Many criminologists who have studied big-city crime decreases credit longer prison sentences and the retreat of the crack-cocaine epidemic, among other reasons, as being most responsible for bringing down crime. They point to cities such as Seattle and Dallas that cut police staffing in the 1990s and still saw crime drop sharply.
But LAPD Chief Charlie Beck argues that there is an important correlation between officer staffing levels and lower crime rates. Cities such as San Jose, Long Beach and Oakland saw crime surge after cutting their police forces, he said.
Villaraigosa, whose legacy is tied to his record of expanding the Police Department, despite the Great Recession, also draws a direct line between more cops and less crime. The city has had fewer than 300 murders each of the last three years, he notes, down from a high of nearly 1,100 in 1992.
"The numbers speak for themselves," Villaraigosa said. "A 49% drop in violent crime and homicides, a 66% drop in gang homicides. Growing our Police Department and ... community policing is a big reason why we are safer today."
But why 10,000 cops for L.A.?
Yaroslavsky latched onto the number after crack- and gang-fueled violent crime surged. Voters demanded action. The 10,000 figure lacked any analytical underpinning but was "a nice round number," Yaroslavsky chuckled in an interview. It also "takes the force from four digits to five digits." The goal stuck, becoming a lodestar of L.A.'s mayoral politics ever since.
Police Chief Willie L. Williams, hired three years after Yaroslavsky rolled out his plan, said he wanted to reach the mark by 2000. In 1993, mayoral candidate Richard Riordan suggested pushing the force past 10,000 officers by leasing Los Angeles International Airport to a private operator and diverting the income to the LAPD. His opponent, Councilman Michael Woo, pledged to reach the 10,000-officer target by shifting money away from other departments. Riordan won the contest but never added the 3,000 officers he had promised.
In 2005, mayoral contender Villaraigosa pledged 1,000 additional officers, which would have brought the LAPD to a force of 10,200.
To finally claw past the 10,000-cop threshold, his administration employed a bureaucratic sleight of hand — shifting 60 officers to the LAPD from the General Services Department, which patrols parks, libraries and other municipal buildings. The result: no net increase in officers, but effectively 10,000 wearing LAPD blue. (Due to routine fluctuations in staffing, the figure dipped to 9,976 last week.)

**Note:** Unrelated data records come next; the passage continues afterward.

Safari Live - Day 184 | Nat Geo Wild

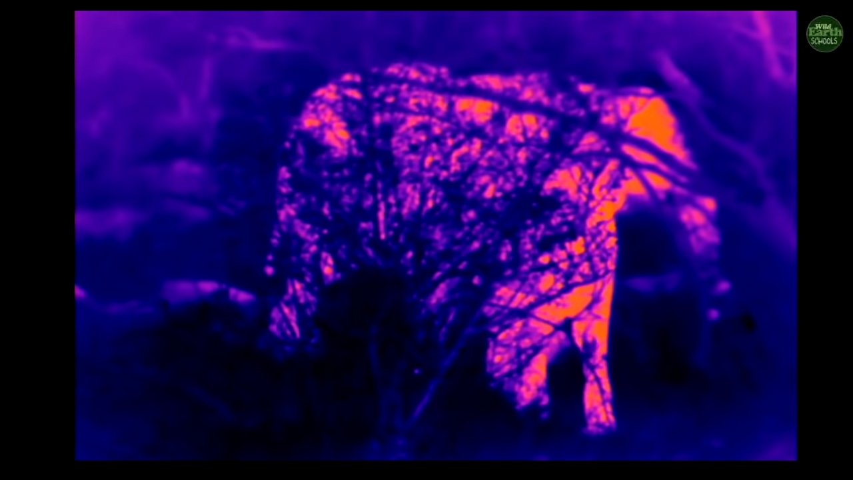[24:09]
of these elephants through the bush.
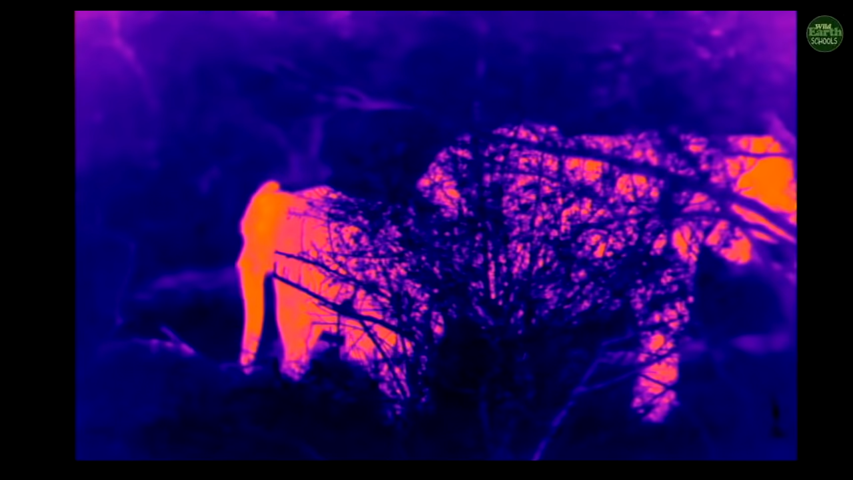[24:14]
And you saw as we left there that these elephants are virtually invisible in the bush, but their heat signature sticks out.
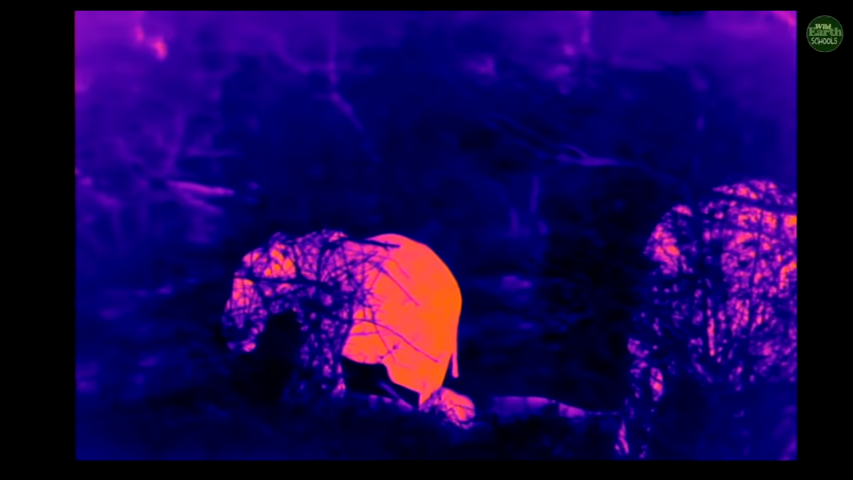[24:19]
Now, there was a question of how hot elephant can live, or the temperatures that they can live in,
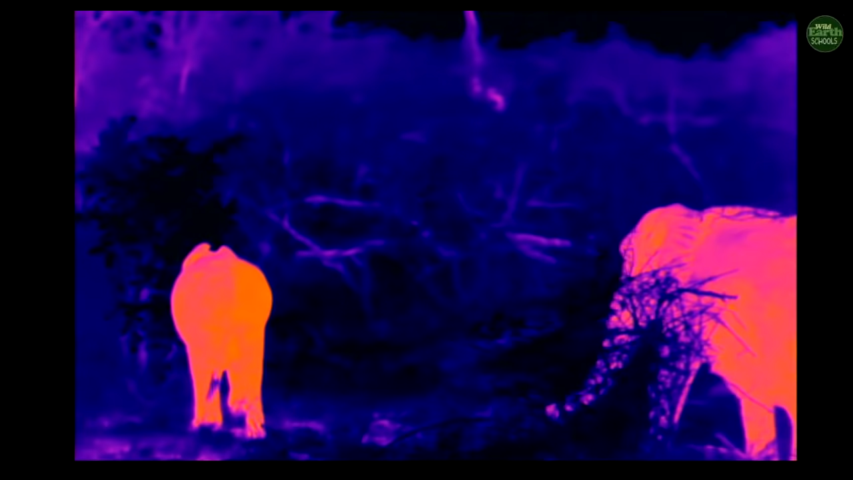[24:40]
And quite often, if there's just a little bit of mud around,
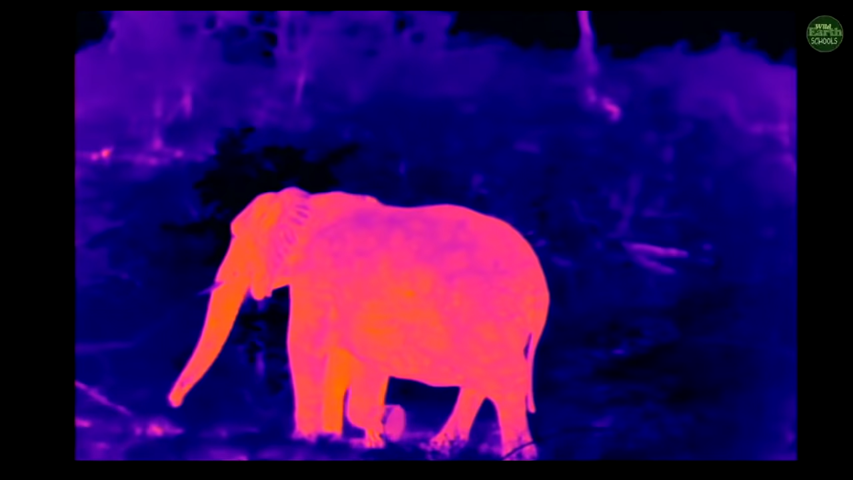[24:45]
they'll spray mud onto their backs and their heads and behind their ears, and that's to cool them down and to reduce that temperature. Right now, you can see that there's a coolish wind blowing, and that her back is relatively cool compared to the warmer areas.
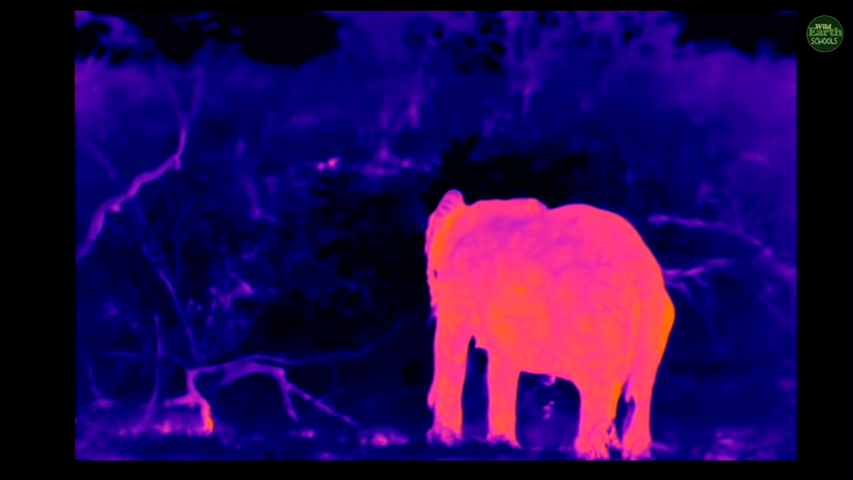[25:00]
Between her front legs, for instance, is one of the warmest places. Cole, you would like to know, how can I tell whether it's a male or a female?
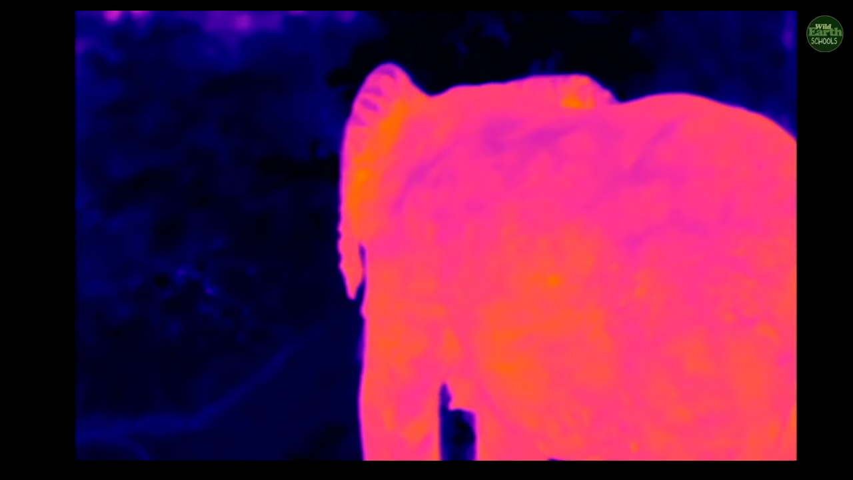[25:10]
Why don't we have a look at these elephants approaching us on the right-hand side, and I'll see if I can show you.
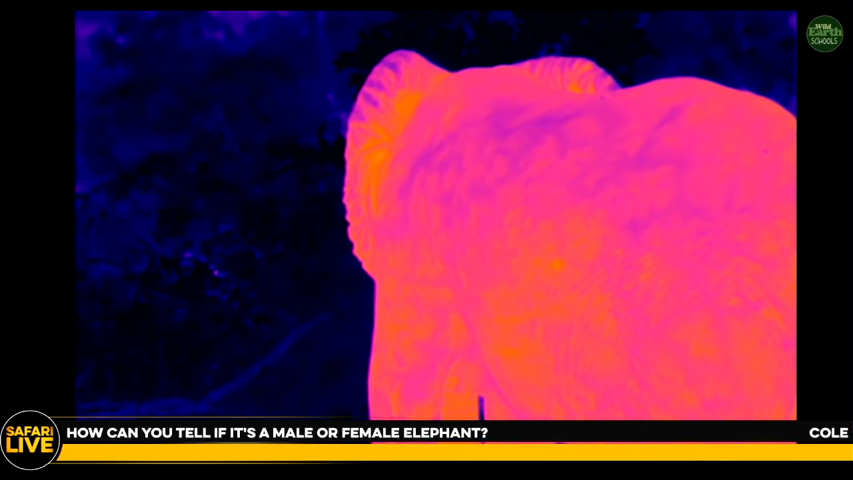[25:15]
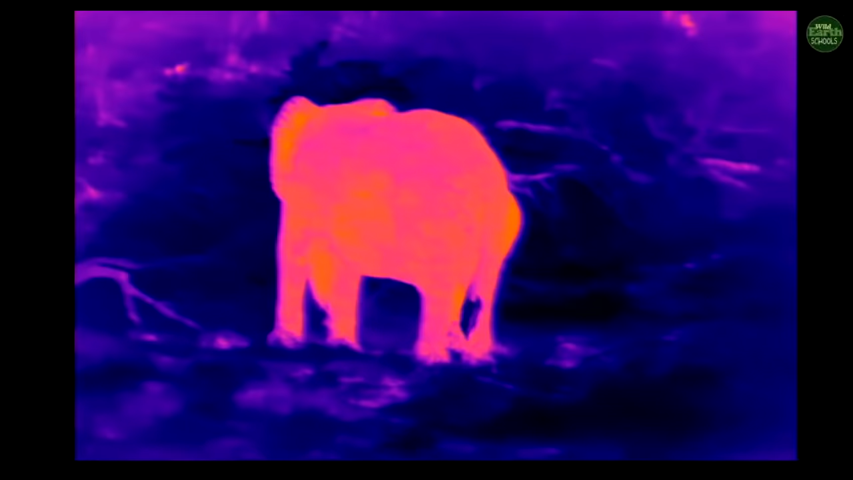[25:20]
So we've got some young elephants that are going to come right past us on the right-hand side. We're going to go to our normal camera for this. Now, look at the side of their head.
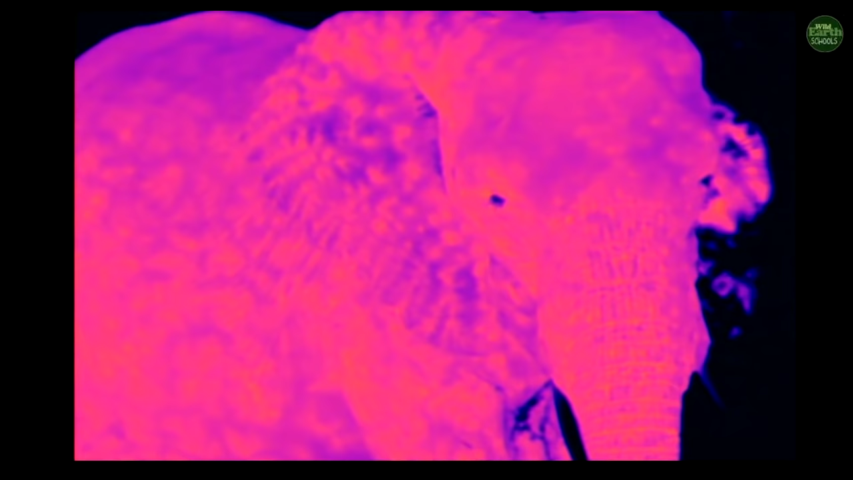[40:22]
Have a look at that. Look at all those color spots that she's got all over.
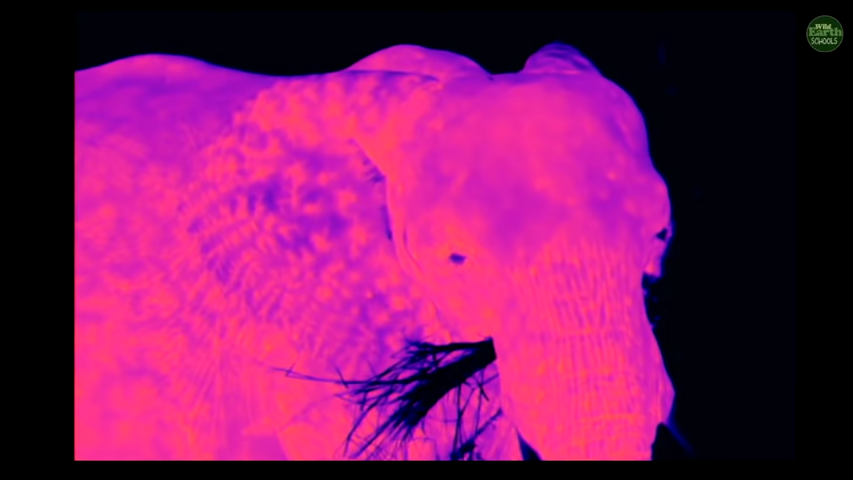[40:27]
But of note there, look at the cold grass and her ears that have got those cold patches.
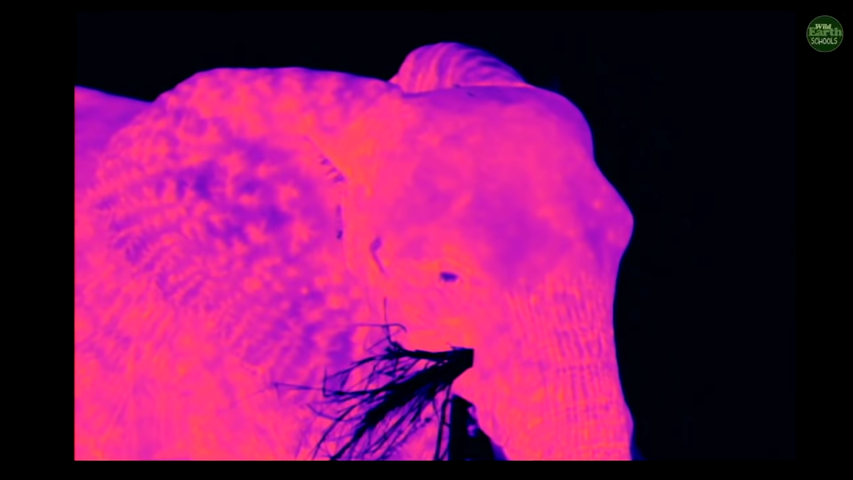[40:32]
With all the blood vessels radiating from the center and out through there.
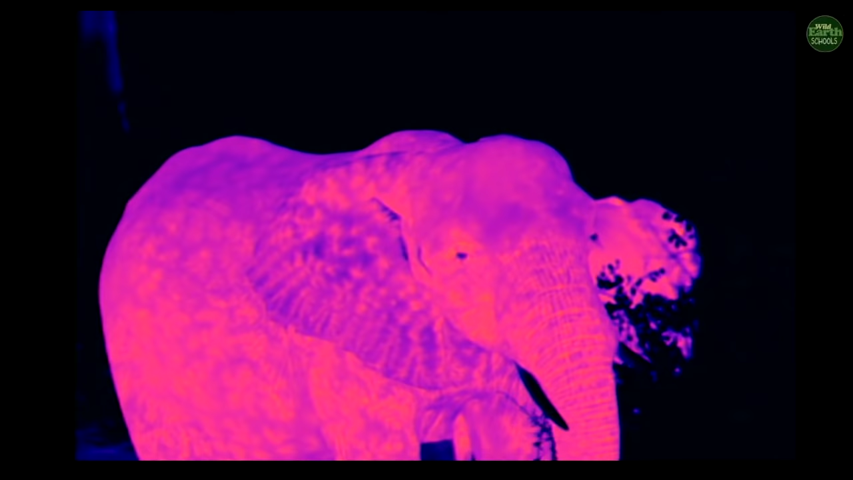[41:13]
Look at that picture. Isn't that just the most amazing thing?
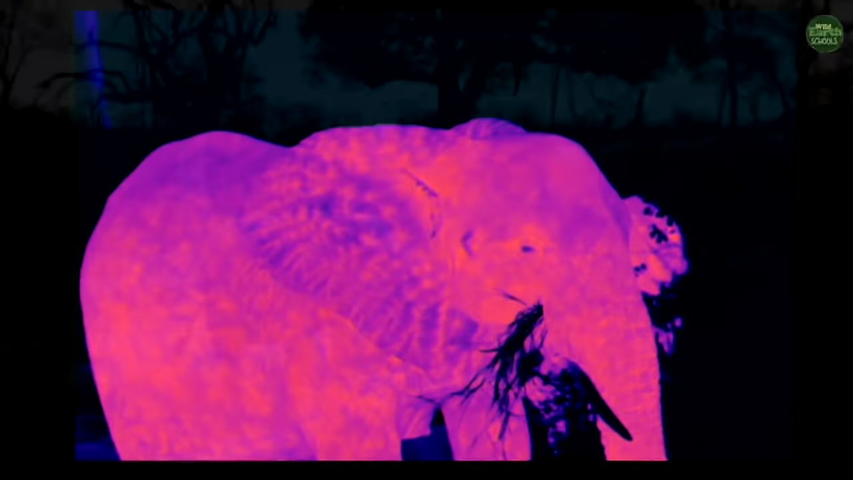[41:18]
All right, we're going back to our normal light so we can have a look at this elephant just feeding in this beautiful low area, this river area.
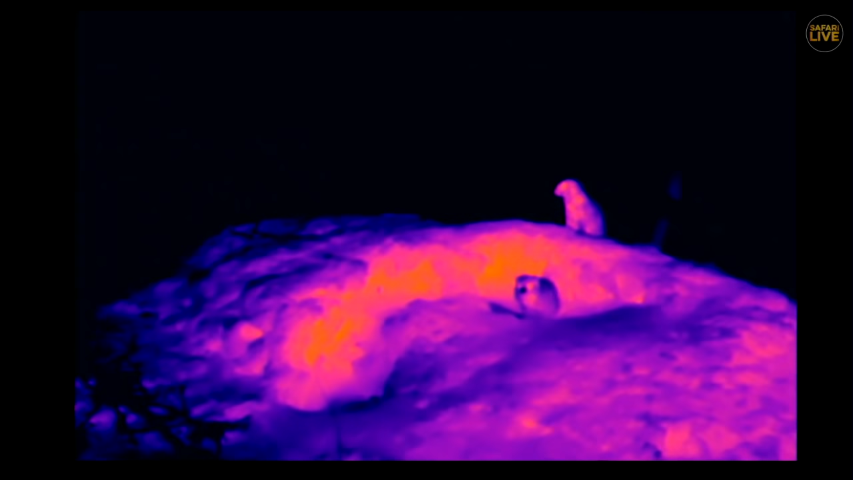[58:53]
This is just generally from the heat generated by all those termites working towards making sure that their air conditioner works well. Have a look how cold the noses are of these mongoose. Yeah, that is such an awesome picture. Who knows if they're going to sleep inside this particular cavity tonight. They might do. You know, it's a cold day today, relatively speaking.
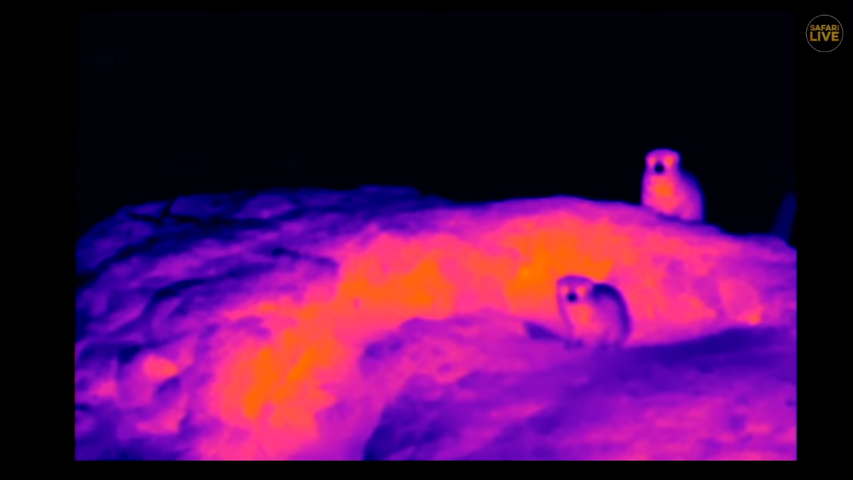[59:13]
I think they might wrap up early tonight, these mongoose. Hopefully they've got enough food through their foraging today. And their feet are cold as well, shame.
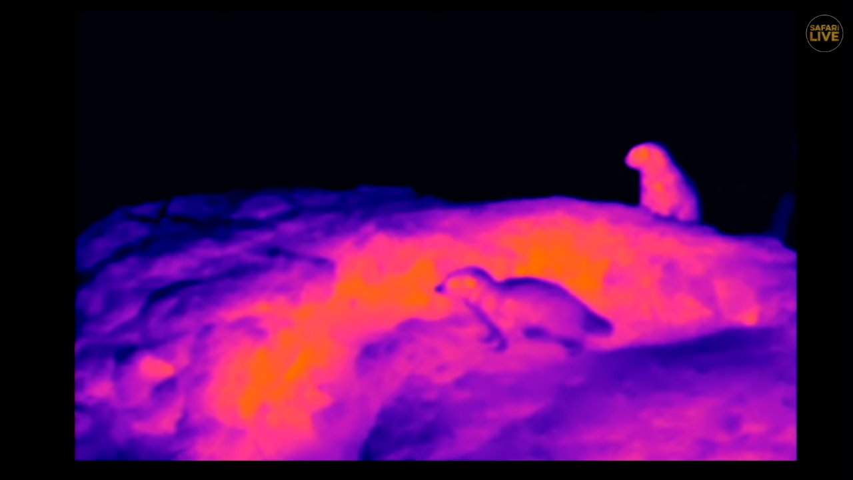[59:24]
no wonder they go into these termite mounds. If I had feet that blue, I'd also go and hide away in something that orange. The whole mound is shining, eh?
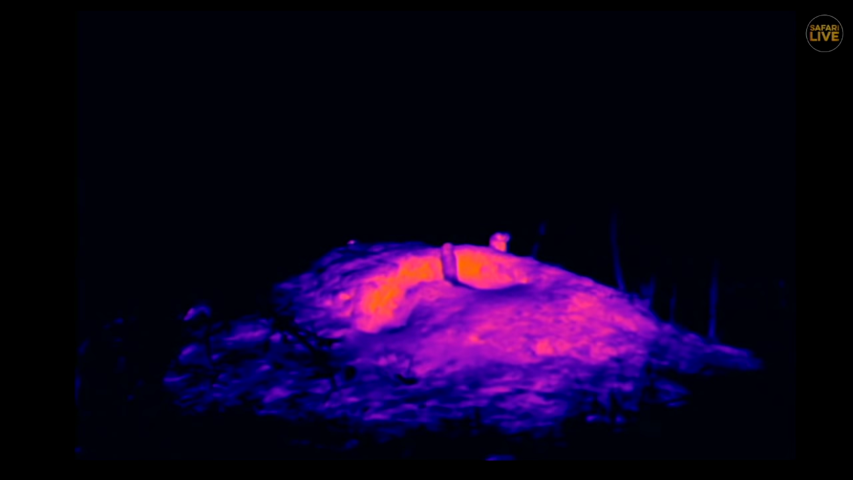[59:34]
That is really cool. Yes, these FLIR images are just totally amazing.
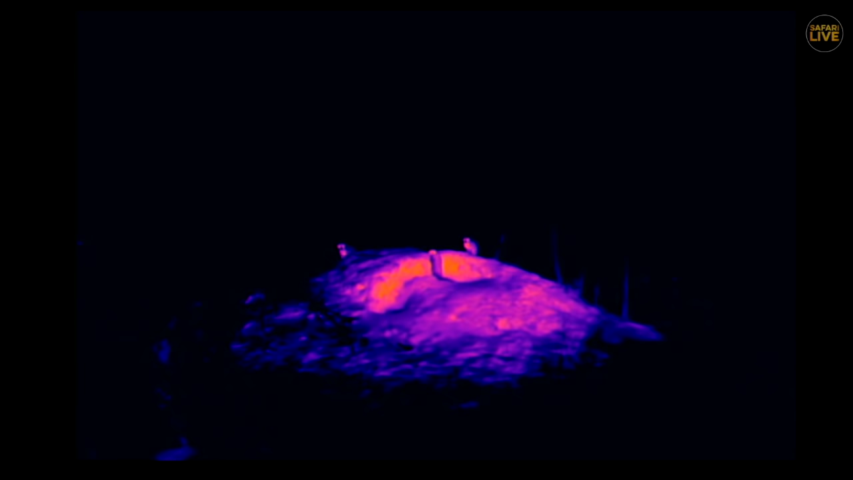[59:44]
I'm absorbed by this particular camera. There in the background, you can see some more somethings. It's the elephant really moving throughout the bush there.
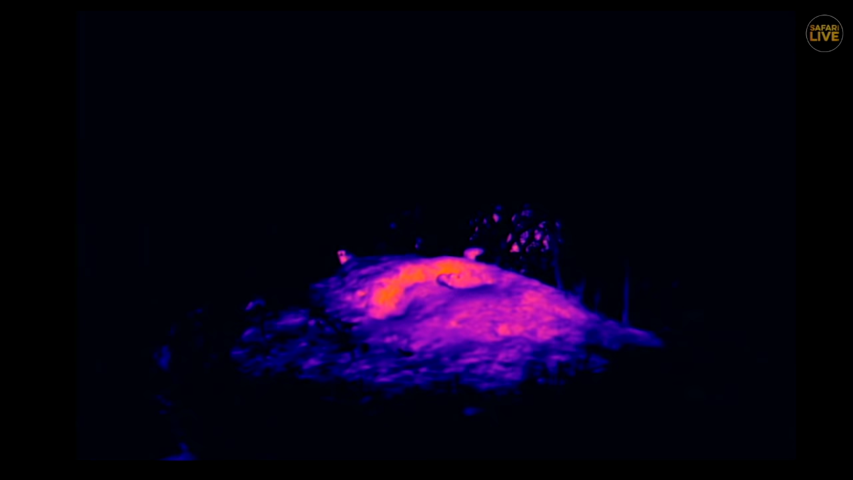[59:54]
Big grey thing that's coming out there. That's an elephant. Can't even see it with my naked eye, to tell you the honest truth, but there it is.

The department's highest-ever staffing comes with a notable asterisk. Because the city has all but eliminated funding for police overtime, cops must instead be compensated with time off, removing the equivalent of 400 or more officers from duty. That effectively reduces Villaraigosa's police buildup during his eight years in office by at least half, according to Beutner, the mayor's former first deputy.
Using the 10,000-officer figure, the LAPD now employs more than 2.5 officers per 1,000 residents. That's low compared to Chicago (4.7) and New York (4.3) but higher than other large western cities such as Houston (2.3), Phoenix (2.1) and San Diego (1.5). Criminologists warn that such ratios can be misleading because so many other factors — including geography and deployment patterns — are more important factors.
The LAPD, including the cost of benefits to retired officers, now consumes more than 55% of the $4 billion in revenue that city officials have discretion over, compared with 46% nine years ago.
The increased expenditures are worth it, Beck says, because public safety is the city's No. 1 priority. Current staffing is the "absolute minimum" needed to keep the city safe, he argues.